Unit SCRAM Code RX CRIT Initial PWR Initial RX Mode Current PWR Current RX Mode
1 N Y 100 Power Operation 100 Power Operation

Event Text

LCO 3.0.3 ENTRY AND LOSS OF SAFETY FUNCTION DUE TO LOSS OF TURBINE BUILDING HIGH ENERGY LINE BREAK COMPENSATORY MEASURE

"At 2225 CDT on 4/18/2010, Operations discovered that the Unit 1 Turbine Building Truck Aisle Rollup Door Security Fence was closed. This fence was to be maintained open as the truck aisle is a required drainage path from the Unit 1 Turbine Building to outside in the event of flooding resulting from a High Energy Line Break (HELB). With the expanded metal mesh door [fence] closed, turbine building debris could clog the drainage path and result in a higher than calculated water level being reached for this event. As the final water level cannot be predicted, this represented an unanalyzed condition. The higher water levels would be reached at least one hour after the postulated turbine building HELB event. High water levels could result in a Loss of Safety Function for Unit 1 Emergency Diesel Generators. Auxiliary Feedwater (both units) and DC Electrical Power (both units) if water levels exceed critical heights in the associated rooms.

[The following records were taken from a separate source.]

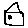
Label: house
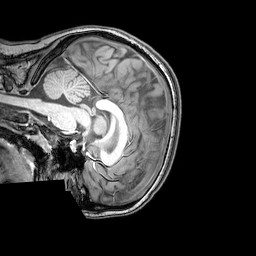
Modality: T1w
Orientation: sagittal
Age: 20
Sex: female
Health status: healthy
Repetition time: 0.081 s
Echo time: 0.037 s
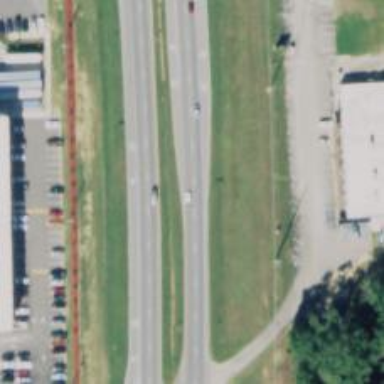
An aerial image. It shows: Asphalt dual carriageway classified as trunk highway.
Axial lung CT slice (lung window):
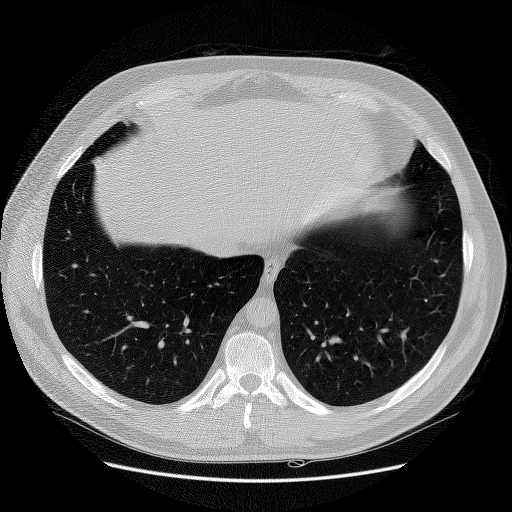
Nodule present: no
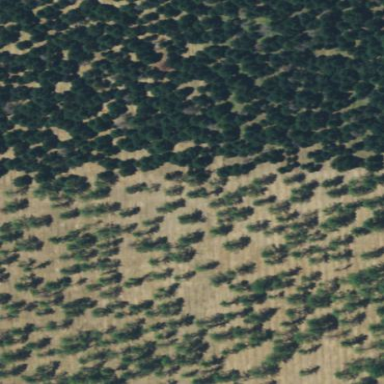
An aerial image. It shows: Orchard used for timber crop.
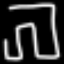
Label: pants
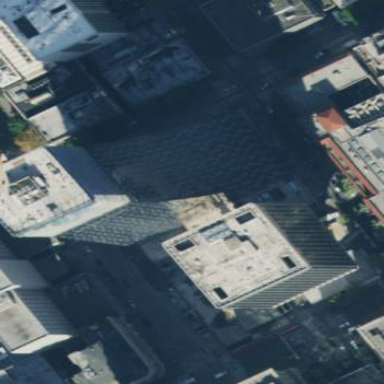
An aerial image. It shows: Part of building is shown in the image.

"The doors [fence] were reopened at 2227 CDT. Unit 1 entered LCO 3.0.3 for this two minute period. With the doors [fence] opened, Unit 1 and 2 LCO conditions were again satisfied.

"The Unit 2 truck aisle was in the assumed condition, and Unit 2 is in Mode 5 so loss of AFW or DC power would not result in an LCO 3.0.3 entry. Unit 2 Emergency Diesel Generators are not affected as the Unit 2 truck aisle drain path would prevent water levels from reaching critical heights.

"The initial investigation determined that a Security Officer had closed the gate at approximately 1855 CDT on 4/18/2010.

"The NRC Resident Inspector has been notified. A press release is not planned."